Task item: Please output all the entries word for word, without the pictures.

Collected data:

○ ○ ○

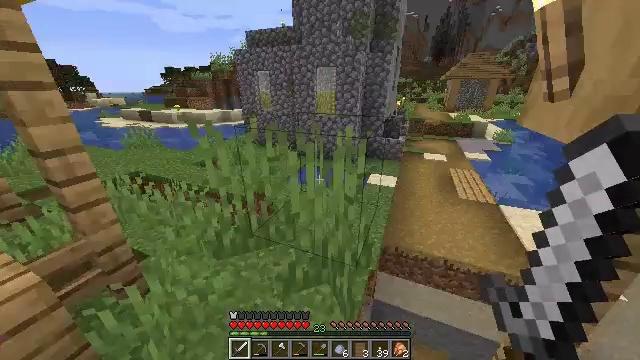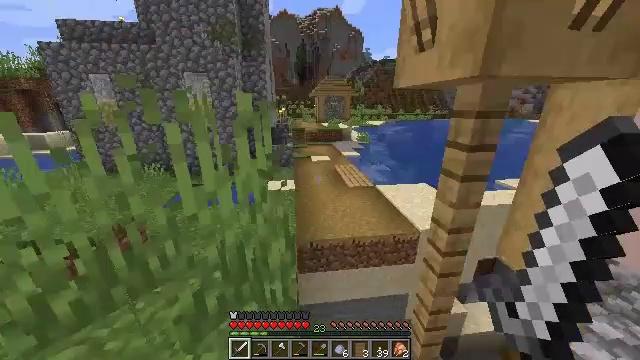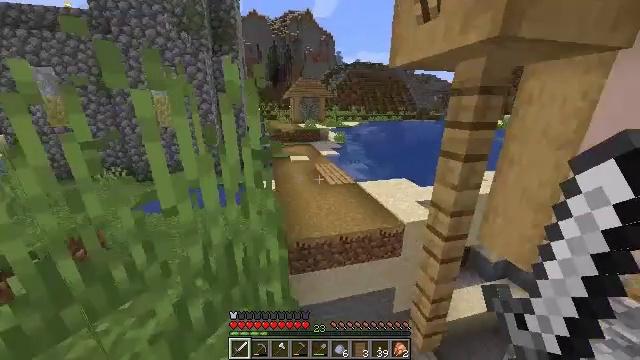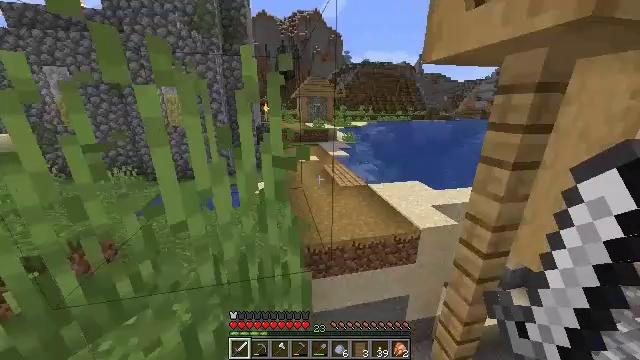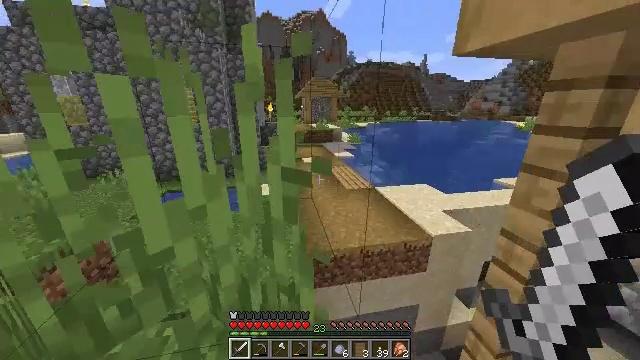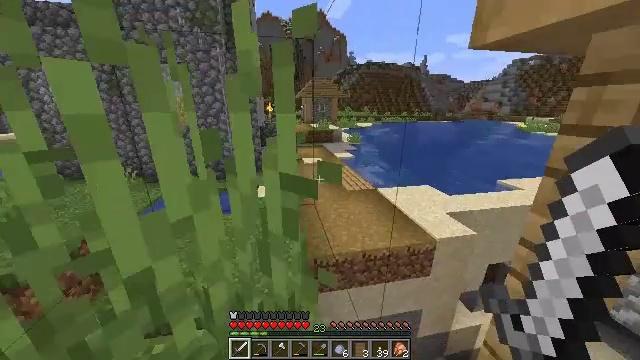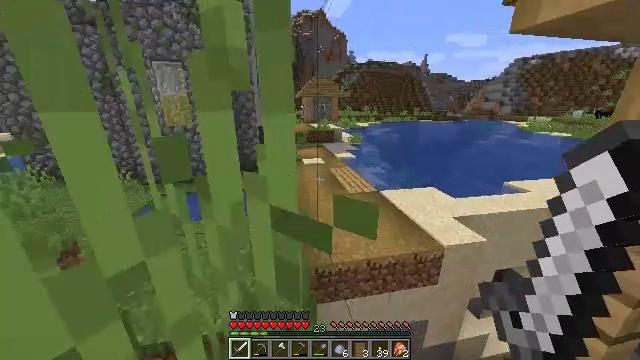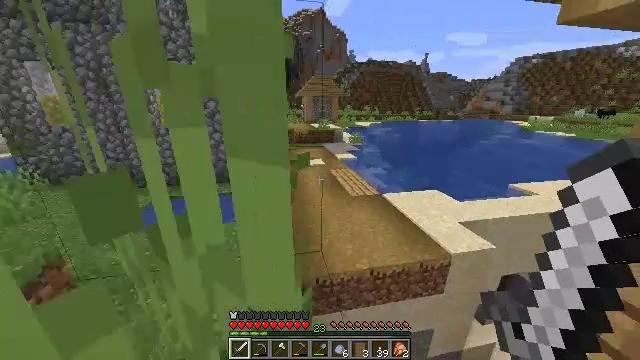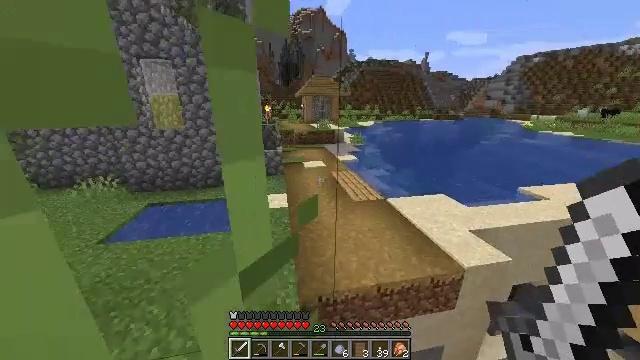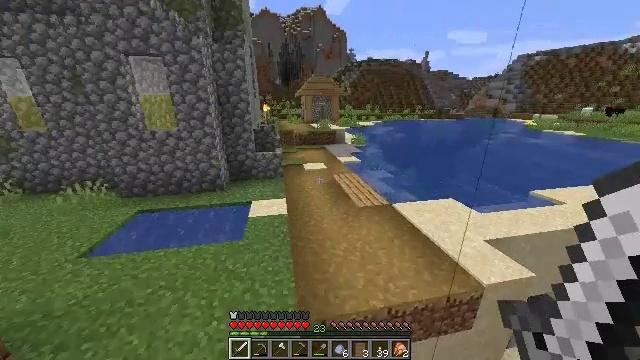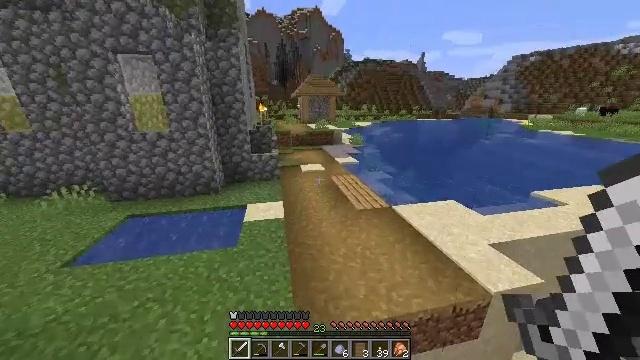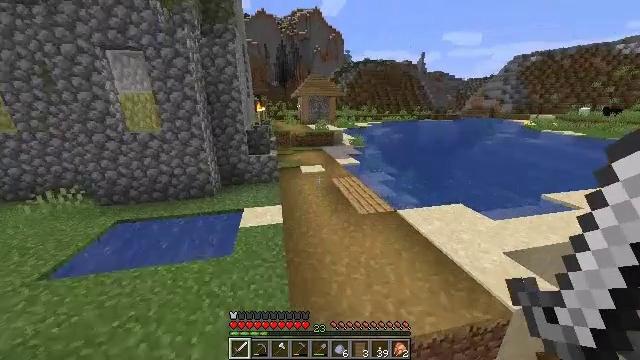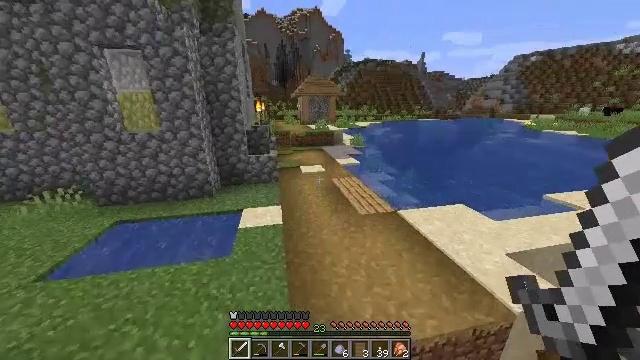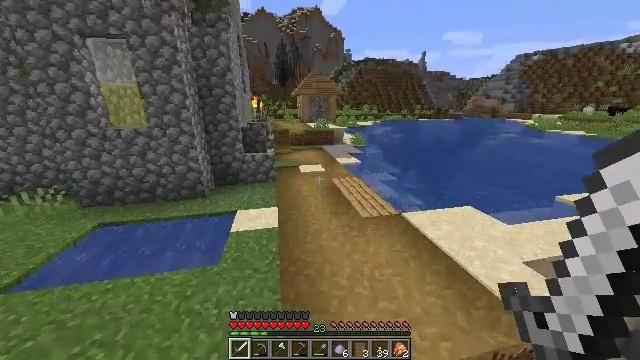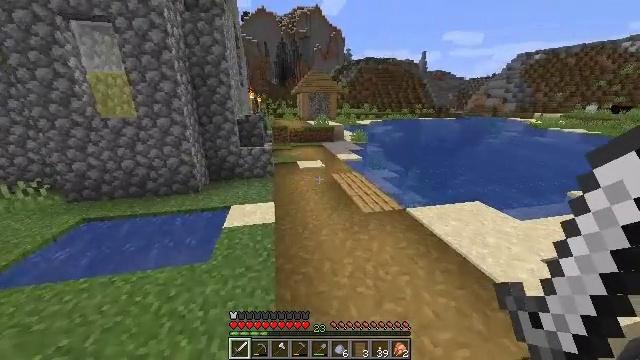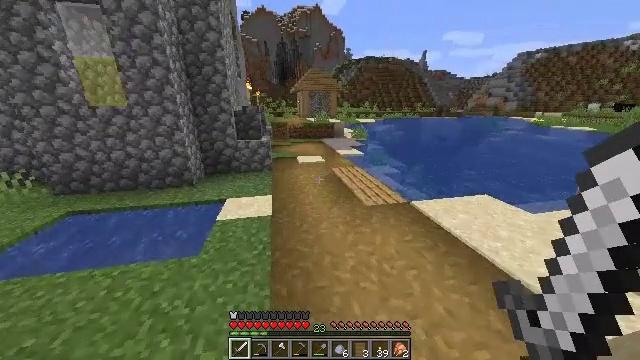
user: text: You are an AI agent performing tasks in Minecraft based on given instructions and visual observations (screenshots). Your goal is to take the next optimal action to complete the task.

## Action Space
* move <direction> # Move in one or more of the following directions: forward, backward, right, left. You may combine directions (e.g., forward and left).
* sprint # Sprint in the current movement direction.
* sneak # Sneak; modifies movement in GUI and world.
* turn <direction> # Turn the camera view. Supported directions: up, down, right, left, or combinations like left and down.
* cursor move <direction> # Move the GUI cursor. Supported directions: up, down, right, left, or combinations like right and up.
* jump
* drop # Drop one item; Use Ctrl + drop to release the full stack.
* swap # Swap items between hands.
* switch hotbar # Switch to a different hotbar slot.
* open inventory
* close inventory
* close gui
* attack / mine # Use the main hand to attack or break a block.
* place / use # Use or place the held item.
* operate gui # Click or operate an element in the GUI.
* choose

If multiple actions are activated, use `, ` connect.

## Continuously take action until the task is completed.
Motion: motion action
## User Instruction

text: Recover the brewing stand by mining it.
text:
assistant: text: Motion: move forward, sprint, turn right and up
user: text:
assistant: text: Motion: move forward, sprint, turn right
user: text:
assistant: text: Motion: move forward, sprint, turn left
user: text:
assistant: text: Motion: move forward, sprint
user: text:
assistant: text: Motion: move forward, sprint
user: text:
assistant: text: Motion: move forward, sprint
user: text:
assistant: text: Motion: move forward, sprint
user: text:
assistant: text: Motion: move forward, sprint
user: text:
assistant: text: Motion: move forward, sprint
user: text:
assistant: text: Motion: move forward, sprint
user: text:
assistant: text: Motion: move forward, sprint
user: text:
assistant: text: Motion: move forward, sprint
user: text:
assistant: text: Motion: move forward, sprint
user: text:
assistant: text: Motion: move forward, sprint, jump
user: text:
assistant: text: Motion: move forward, sprint, jump
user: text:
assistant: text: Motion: move forward, sprint, jump
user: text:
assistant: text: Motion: move forward, sprint, jump
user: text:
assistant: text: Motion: move forward, sprint, jump
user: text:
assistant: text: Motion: move forward, sprint, jump
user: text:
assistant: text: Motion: move forward, sprint
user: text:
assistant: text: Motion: move forward, sprint
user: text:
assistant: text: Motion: move forward, sprint
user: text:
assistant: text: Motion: move forward, sprint
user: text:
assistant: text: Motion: move forward, sprint, turn left and up
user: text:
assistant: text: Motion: move forward, sprint
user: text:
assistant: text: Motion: move forward, sprint
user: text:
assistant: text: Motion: move forward, sprint
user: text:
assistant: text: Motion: move forward, sprint
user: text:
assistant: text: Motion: move forward, sprint, jump
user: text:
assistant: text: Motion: move forward, sprint, turn left, jump
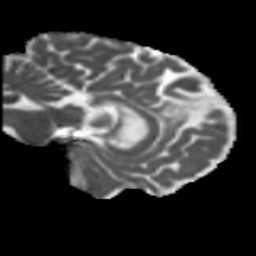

○ ○ ○

Exercise result:
user: text: You are an AI agent performing tasks in Minecraft based on given instructions and visual observations (screenshots). Your goal is to take the next optimal action to complete the task.

## Action Space
* move <direction> # Move in one or more of the following directions: forward, backward, right, left. You may combine directions (e.g., forward and left).
* sprint # Sprint in the current movement direction.
* sneak # Sneak; modifies movement in GUI and world.
* turn <direction> # Turn the camera view. Supported directions: up, down, right, left, or combinations like left and down.
* cursor move <direction> # Move the GUI cursor. Supported directions: up, down, right, left, or combinations like right and up.
* jump
* drop # Drop one item; Use Ctrl + drop to release the full stack.
* swap # Swap items between hands.
* switch hotbar # Switch to a different hotbar slot.
* open inventory
* close inventory
* close gui
* attack / mine # Use the main hand to attack or break a block.
* place / use # Use or place the held item.
* operate gui # Click or operate an element in the GUI.
* choose

If multiple actions are activated, use `, ` connect.

## Continuously take action until the task is completed.
Motion: motion action
## User Instruction

text: Recover the brewing stand by mining it.
text:
assistant: text: Motion: move forward, sprint, turn right and up
user: text:
assistant: text: Motion: move forward, sprint, turn right
user: text:
assistant: text: Motion: move forward, sprint, turn left
user: text:
assistant: text: Motion: move forward, sprint
user: text:
assistant: text: Motion: move forward, sprint
user: text:
assistant: text: Motion: move forward, sprint
user: text:
assistant: text: Motion: move forward, sprint
user: text:
assistant: text: Motion: move forward, sprint
user: text:
assistant: text: Motion: move forward, sprint
user: text:
assistant: text: Motion: move forward, sprint
user: text:
assistant: text: Motion: move forward, sprint
user: text:
assistant: text: Motion: move forward, sprint
user: text:
assistant: text: Motion: move forward, sprint
user: text:
assistant: text: Motion: move forward, sprint, jump
user: text:
assistant: text: Motion: move forward, sprint, jump
user: text:
assistant: text: Motion: move forward, sprint, jump
user: text:
assistant: text: Motion: move forward, sprint, jump
user: text:
assistant: text: Motion: move forward, sprint, jump
user: text:
assistant: text: Motion: move forward, sprint, jump
user: text:
assistant: text: Motion: move forward, sprint
user: text:
assistant: text: Motion: move forward, sprint
user: text:
assistant: text: Motion: move forward, sprint
user: text:
assistant: text: Motion: move forward, sprint
user: text:
assistant: text: Motion: move forward, sprint, turn left and up
user: text:
assistant: text: Motion: move forward, sprint
user: text:
assistant: text: Motion: move forward, sprint
user: text:
assistant: text: Motion: move forward, sprint
user: text:
assistant: text: Motion: move forward, sprint
user: text:
assistant: text: Motion: move forward, sprint, jump
user: text:
assistant: text: Motion: move forward, sprint, turn left, jump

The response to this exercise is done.